Most of my props are run by a microprocessor. I have wireless control and hard wired control on the props. Worried about the long length of wire on the hard wired props and the ability of the microprocessor to consistently see the button pushed when only running 5 volts. 

What is everyone else doing for controlling their props? Especially those a long ways from where they are sitting.


----------



## Brad Green (Jul 29, 2004)

This year I tried out X10 wireless recievers on all my triggered props. One key pad gives you the ability to light off 16 items. It all worked out very well and has a range of about 150'.


----------



## DarkShadows (Feb 6, 2006)

My weapon of choice, the Parallax Prop-1. That board with their PIR sensor works awesome.


----------



## Death Master (Jul 1, 2007)

I'm using a Allen Bradly 5/04 with 24v for input on the sensors, my props are almost 150' away in places and I have no problems.


----------



## Otaku (Dec 3, 2004)

Man, I remember programming A-B controllers for automated assembly lines back in the early '90s.  Good old GE ladder-logic code; what a headache.


----------



## gadget-evilusions (Jan 26, 2007)

DarkShadows said:


> My weapon of choice, the Parallax Prop-1. That board with their PIR sensor works awesome.

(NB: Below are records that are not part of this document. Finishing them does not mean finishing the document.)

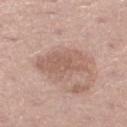Q: How was the tile lit?
A: white-light
Q: Lesion location?
A: the leg
Q: What is the imaging modality?
A: ~15 mm crop, total-body skin-cancer survey
Q: How large is the lesion?
A: ~5.5 mm (longest diameter)
Q: What are the patient's age and sex?
A: male, in their mid- to late 50s
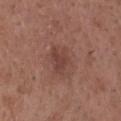Clinical impression: The lesion was photographed on a routine skin check and not biopsied; there is no pathology result. Clinical summary: A male patient, aged around 35. Imaged with white-light lighting. This image is a 15 mm lesion crop taken from a total-body photograph. The lesion is on the head or neck.
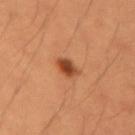The lesion's longest dimension is about 2.5 mm. A female subject in their 40s. Captured under cross-polarized illumination. The lesion is located on the right upper arm. A roughly 15 mm field-of-view crop from a total-body skin photograph.
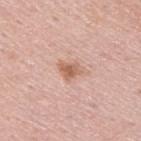Imaged during a routine full-body skin examination; the lesion was not biopsied and no histopathology is available. Cropped from a whole-body photographic skin survey; the tile spans about 15 mm. The patient is a male aged approximately 25. Measured at roughly 2.5 mm in maximum diameter. From the upper back.
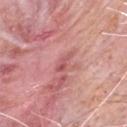This lesion was catalogued during total-body skin photography and was not selected for biopsy. Imaged with white-light lighting. A close-up tile cropped from a whole-body skin photograph, about 15 mm across. Located on the chest. A male patient approximately 80 years of age. Automated tile analysis of the lesion measured a lesion color around L≈55 a*≈31 b*≈23 in CIELAB.
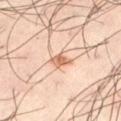This lesion was catalogued during total-body skin photography and was not selected for biopsy. The lesion is on the left thigh. A male subject, aged around 40. Cropped from a whole-body photographic skin survey; the tile spans about 15 mm.
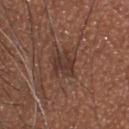Assessment:
Part of a total-body skin-imaging series; this lesion was reviewed on a skin check and was not flagged for biopsy.
Background:
Cropped from a whole-body photographic skin survey; the tile spans about 15 mm. An algorithmic analysis of the crop reported an outline eccentricity of about 0.7 (0 = round, 1 = elongated) and a symmetry-axis asymmetry near 0.3. The analysis additionally found a color-variation rating of about 2/10 and a peripheral color-asymmetry measure near 1. The analysis additionally found lesion-presence confidence of about 95/100. Located on the head or neck. Imaged with white-light lighting. Longest diameter approximately 3.5 mm. The patient is a male roughly 65 years of age.
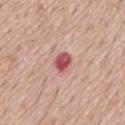No biopsy was performed on this lesion — it was imaged during a full skin examination and was not determined to be concerning. From the mid back. A male patient, in their mid- to late 50s. The tile uses white-light illumination. A roughly 15 mm field-of-view crop from a total-body skin photograph.
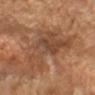Assessment: The lesion was photographed on a routine skin check and not biopsied; there is no pathology result. Context: A 15 mm close-up tile from a total-body photography series done for melanoma screening. The tile uses cross-polarized illumination. The lesion is on the left forearm. The subject is a female aged approximately 70.
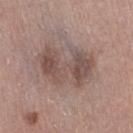Context: A roughly 15 mm field-of-view crop from a total-body skin photograph. About 6.5 mm across. From the leg. A female patient aged 63–67. Captured under white-light illumination. The lesion-visualizer software estimated an area of roughly 19 mm² and a symmetry-axis asymmetry near 0.35. The analysis additionally found border irregularity of about 6.5 on a 0–10 scale, a within-lesion color-variation index near 4.5/10, and radial color variation of about 1.5. It also reported a classifier nevus-likeness of about 15/100 and a lesion-detection confidence of about 100/100.
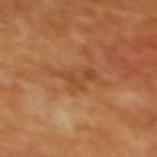{
  "biopsy_status": "not biopsied; imaged during a skin examination"
}
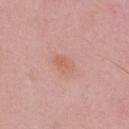Q: Was a biopsy performed?
A: imaged on a skin check; not biopsied
Q: Who is the patient?
A: male, aged approximately 50
Q: What is the imaging modality?
A: 15 mm crop, total-body photography
Q: How was the tile lit?
A: white-light illumination
Q: Lesion location?
A: the chest
Q: Lesion size?
A: about 2.5 mm
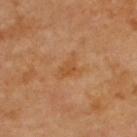Q: Is there a histopathology result?
A: no biopsy performed (imaged during a skin exam)
Q: What kind of image is this?
A: 15 mm crop, total-body photography
Q: Who is the patient?
A: male, in their 70s
Q: Lesion location?
A: the upper back
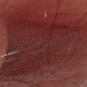{
  "biopsy_status": "not biopsied; imaged during a skin examination",
  "patient": {
    "sex": "female",
    "age_approx": 55
  },
  "site": "head or neck",
  "lighting": "white-light",
  "image": {
    "source": "total-body photography crop",
    "field_of_view_mm": 15
  },
  "lesion_size": {
    "long_diameter_mm_approx": 21.5
  },
  "automated_metrics": {
    "vs_skin_darker_L": 11.0,
    "vs_skin_contrast_norm": 9.5,
    "border_irregularity_0_10": 6.0
  }
}
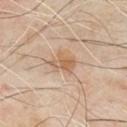follow-up: catalogued during a skin exam; not biopsied | anatomic site: the front of the torso | patient: male, about 50 years old | imaging modality: 15 mm crop, total-body photography | tile lighting: cross-polarized.

Prop-1 is made by Efx-tek. Parallax and EFX-Tek became seperate companies over a year ago. Just figured I would mention it incase someone went to parrallax looking for a prop-1.

I use prop-1's for almost all my prop control also. I use a industrial retroreflective sensor for triggering.


----------



## Dr Morbius (Sep 21, 2004)

VSA from Brookshire Software, and a Parallax servo controller. Requires a PC to run, but I hide it inside a tombstone.


----------



## Garage-Of-Evil (Jul 24, 2007)

arcade buttons, cat5, and prop1's.

See it here:
http://www.garageofevil.com/projects/BAPU.php


----------



## edwood saucer (Aug 21, 2006)

Garage - that is wicked cool.


----------



## Dr Morbius (Sep 21, 2004)

GOE....nice...Arcade buttons? I have some too. And I'm not gonna say why. Love the BAPU..don't get the Chuck Norris reference. I DO get why you needed a prop1 to manually control the prop now though. Miller Highlife sucks, but I won't hold it against you, at least you like beer, and that's good enough for me. Atari...(sigh), Commodor 64..YES! Major Kudos and the utmost respect from me teaching yourself how to weld. Inspires me to do the same, and I thank you. The crypt ROCKS! Excellent effect.


----------



## TSquared (Nov 4, 2007)

Great tutorial and running commentary!


----------